Keytruda is an interesting treatment, and it has seen a lot of success in lots of different cancers that are affected by the PD-1 receptor. But it's not perfect, by any means. In fact, about a month ago, trials for a combination therapy that included Keytruda for patients with Multiple Myeloma (another blood cancer) had to be stopped because of several deaths. Again, this treatment can do a number on the immune system, and certain combinations will probably make that affect worse. It's important to note that the Keytruda/Rituxan trial reported no deaths, but it's a good reminder that every treatment carries some risk.
For now, though, this may represent yet another non-chemotherapy treatment that is worth keeping an eye on.

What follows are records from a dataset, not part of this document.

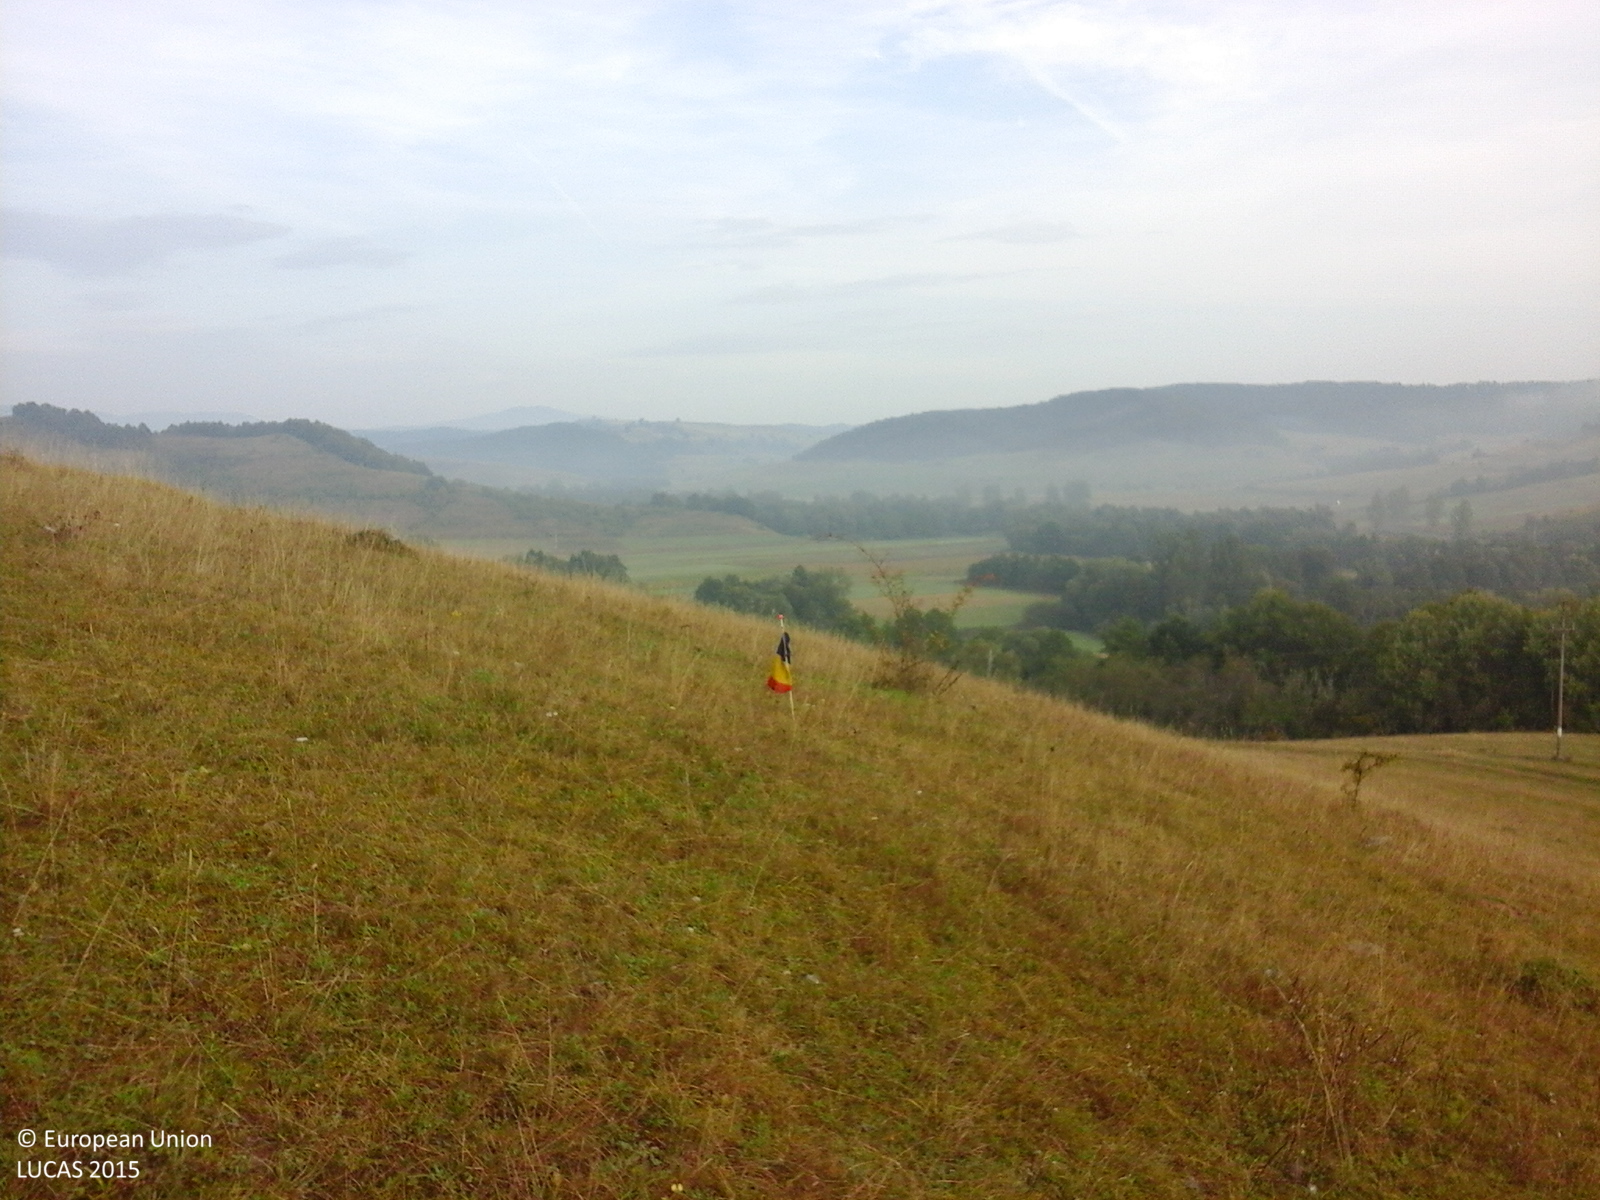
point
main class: Grassland
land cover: Grassland without tree/shrub cover
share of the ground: > 75 %
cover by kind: herbaceous plants 100 %
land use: Agriculture (excluding fallow land and kitchen gardens)
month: September
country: RO
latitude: 46.9153
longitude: 23.0485
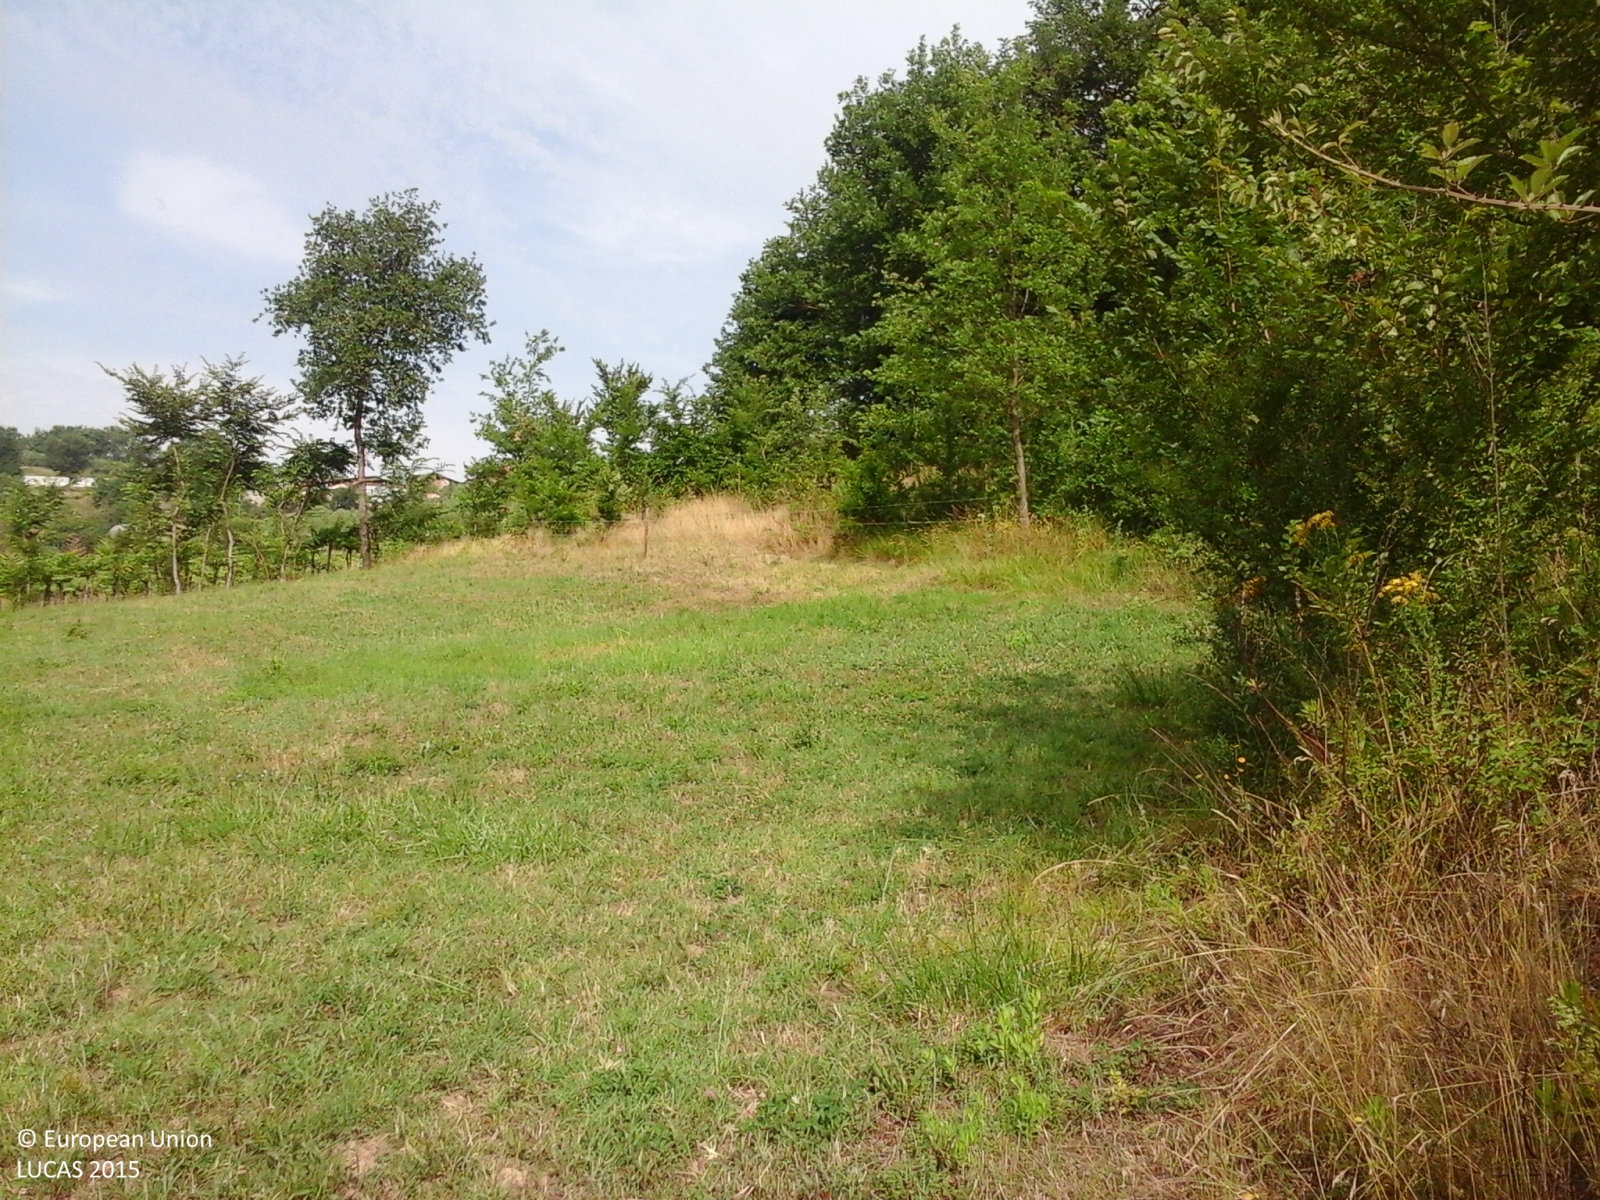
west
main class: Grassland
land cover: Grassland without tree/shrub cover
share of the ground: > 75 %
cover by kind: herbaceous plants 100 %
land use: Agriculture (excluding fallow land and kitchen gardens)
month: June
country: IT
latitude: 41.5841
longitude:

[I didn't include a direct link to the abstract for this presentation at the International Conference on Malignant Lymphoma, because the ICML doesn't have a search function for their abstracts, so I can't give a direct link to just this one. However, if you want to see the abstract for yourself, then follow this link to the Abstract Book, then scroll down to abstract #109, "HIGH RESPONSE RATES WITH PEMBROLIZUMAB IN COMBINATION WITH RITUXIMAB IN PATIENTS WITH RELAPSED FOLLICULAR LYMPHOMA: INTERIM RESULTS OF AN ON OPEN‐LABEL, PHASE II STUDY.]